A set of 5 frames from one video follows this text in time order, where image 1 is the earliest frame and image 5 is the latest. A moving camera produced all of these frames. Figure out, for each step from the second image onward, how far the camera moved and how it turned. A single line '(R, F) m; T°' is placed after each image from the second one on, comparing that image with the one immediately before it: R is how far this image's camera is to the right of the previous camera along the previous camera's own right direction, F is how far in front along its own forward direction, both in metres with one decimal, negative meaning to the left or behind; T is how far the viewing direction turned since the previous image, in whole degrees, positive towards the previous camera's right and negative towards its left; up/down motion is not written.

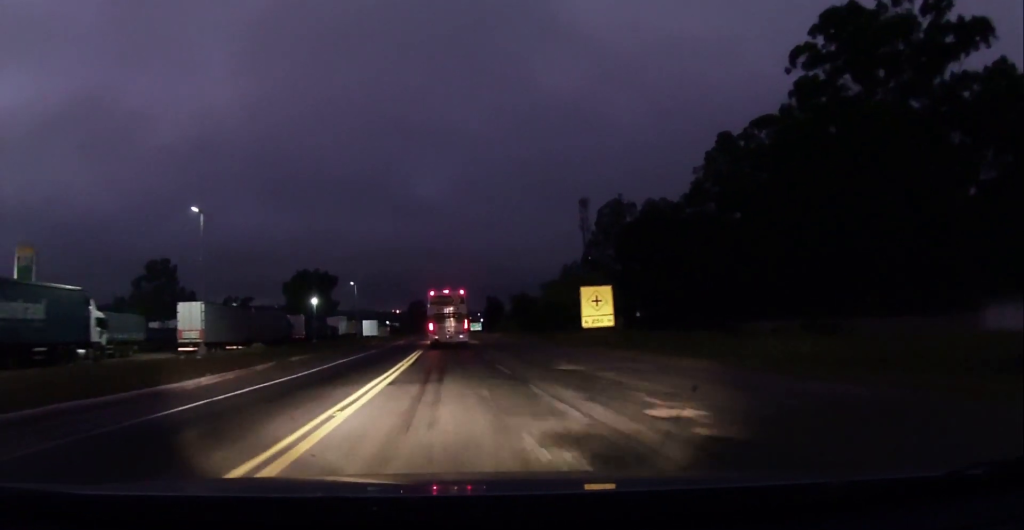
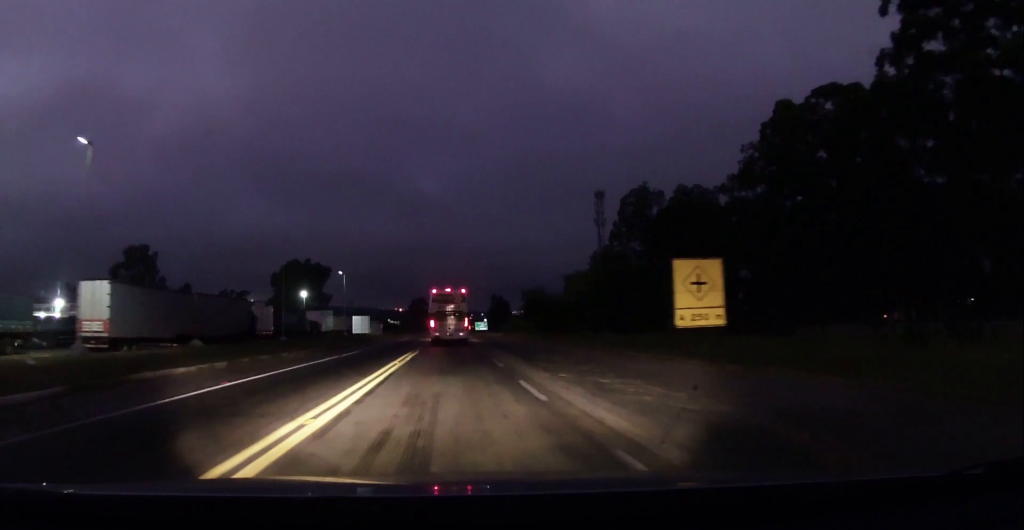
(-0.1, +17.0) m; -2°
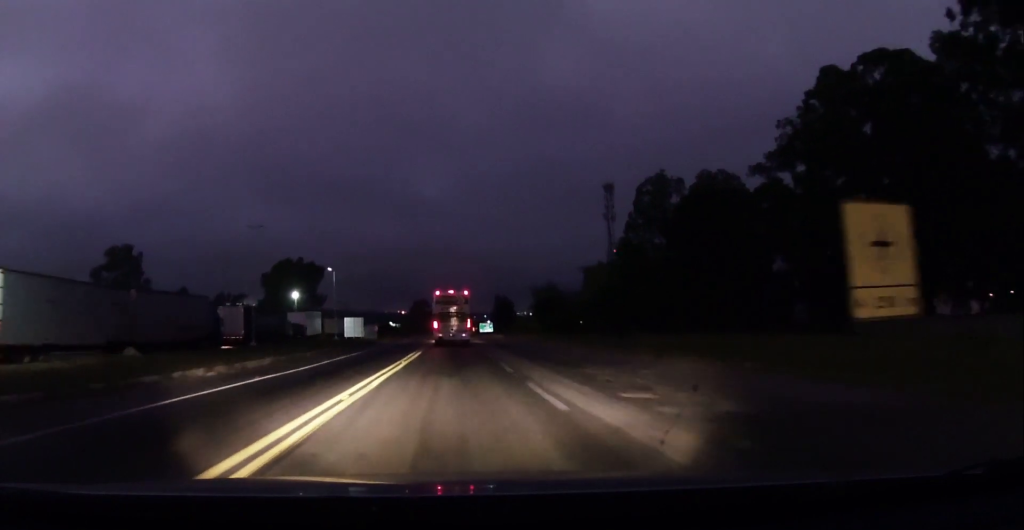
(-0.4, +11.4) m; 0°
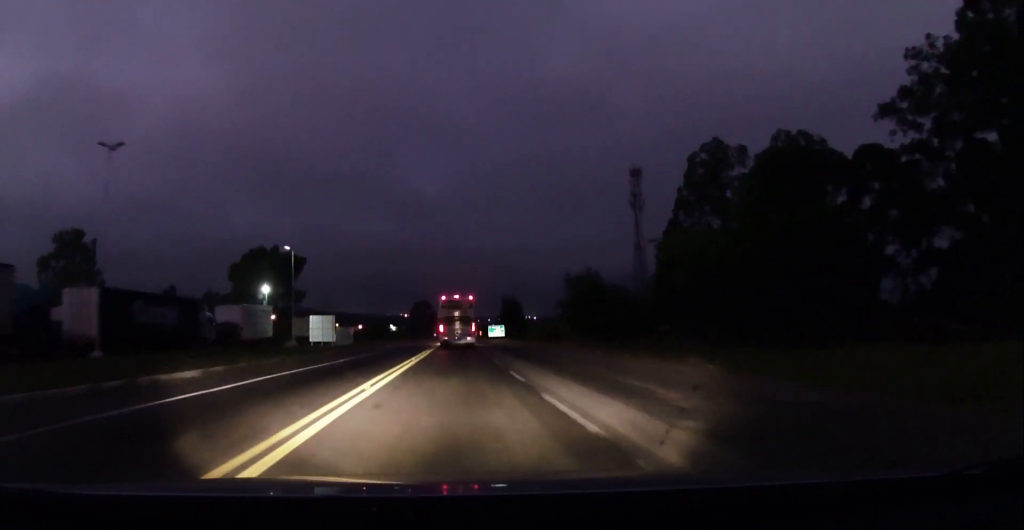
(+0.6, +26.9) m; +1°
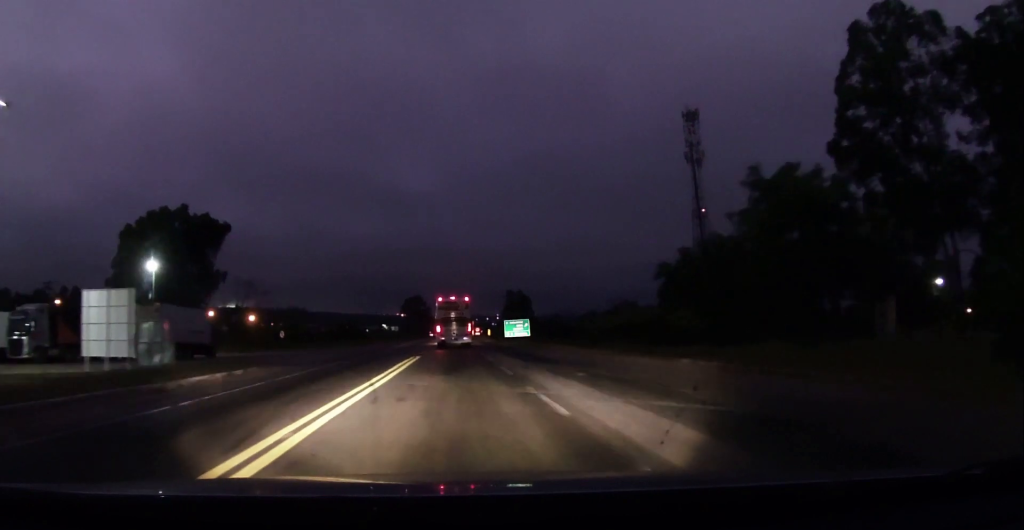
(0.0, +48.3) m; -1°
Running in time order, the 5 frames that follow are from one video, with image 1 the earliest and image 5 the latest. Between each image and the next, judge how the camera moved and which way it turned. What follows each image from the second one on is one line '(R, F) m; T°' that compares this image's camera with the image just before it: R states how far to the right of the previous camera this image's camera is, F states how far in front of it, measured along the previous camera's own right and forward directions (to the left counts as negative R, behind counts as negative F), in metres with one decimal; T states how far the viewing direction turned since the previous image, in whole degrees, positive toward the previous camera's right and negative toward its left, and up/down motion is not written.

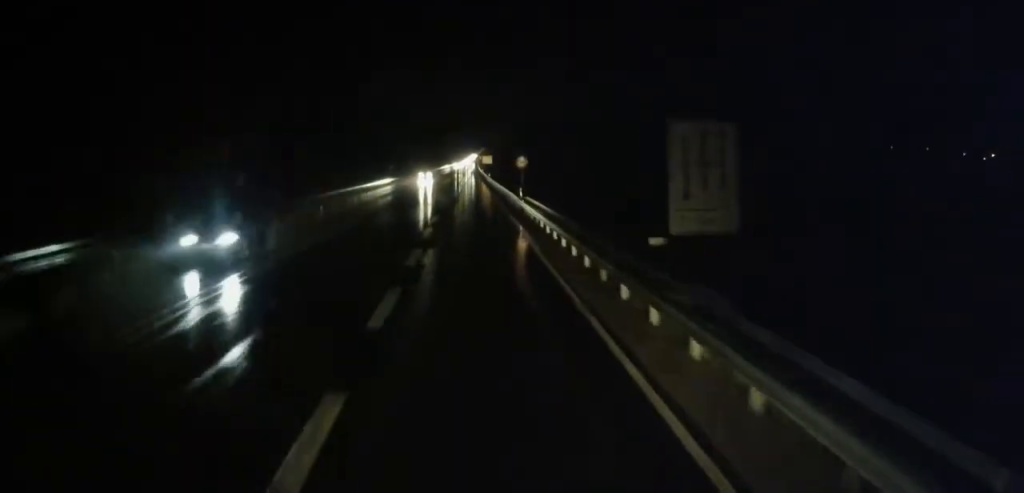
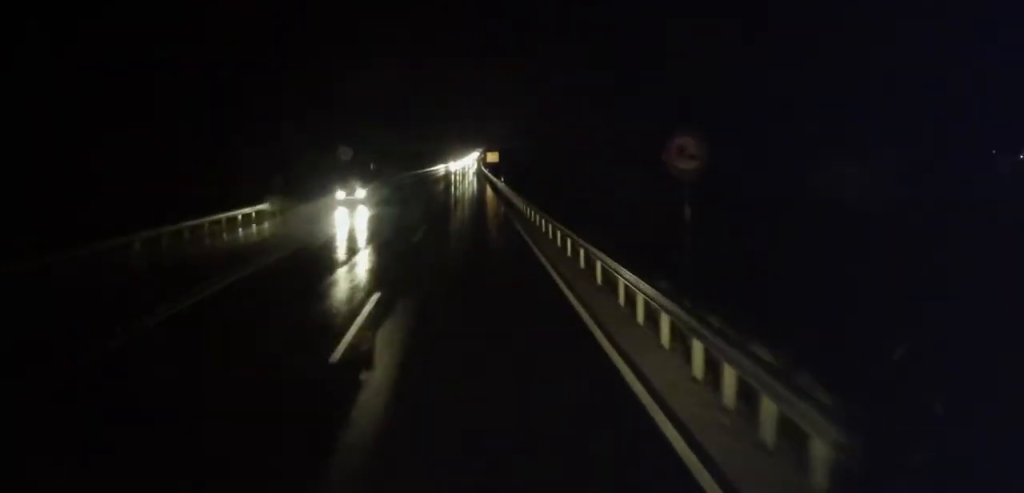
(0.0, +29.1) m; -1°
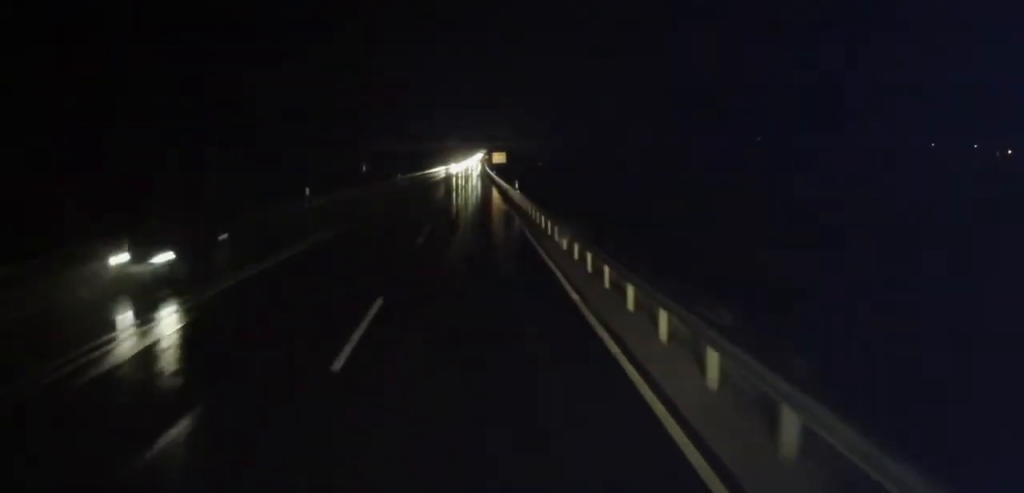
========
-- What is being asked --
Give back the full listing exactly as written, only without its pictures.

-- Written response --
A set of 5 frames from one video follows this text in time order, where image 1 is the earliest frame and image 5 is the latest. A moving camera produced all of these frames. Figure out, for each step from the second image onward, how far the camera moved and how it turned. A single line '(R, F) m; T°' is placed after each image from the second one on, comparing that image with the one immediately before it: R is how far this image's camera is to the right of the previous camera along the previous camera's own right direction, F is how far in front along its own forward direction, both in metres with one decimal, negative meaning to the left or behind; T is how far the viewing direction turned since the previous image, in whole degrees, positive towards the previous camera's right and negative towards its left; up/down motion is not written.

(-0.1, +17.0) m; -2°
(-0.4, +11.4) m; 0°
(+0.6, +26.9) m; +1°
(0.0, +48.3) m; -1°
Running in time order, the 5 frames that follow are from one video, with image 1 the earliest and image 5 the latest. Between each image and the next, judge how the camera moved and which way it turned. What follows each image from the second one on is one line '(R, F) m; T°' that compares this image's camera with the image just before it: R states how far to the right of the previous camera this image's camera is, F states how far in front of it, measured along the previous camera's own right and forward directions (to the left counts as negative R, behind counts as negative F), in metres with one decimal; T states how far the viewing direction turned since the previous image, in whole degrees, positive toward the previous camera's right and negative toward its left, and up/down motion is not written.

(0.0, +29.1) m; -1°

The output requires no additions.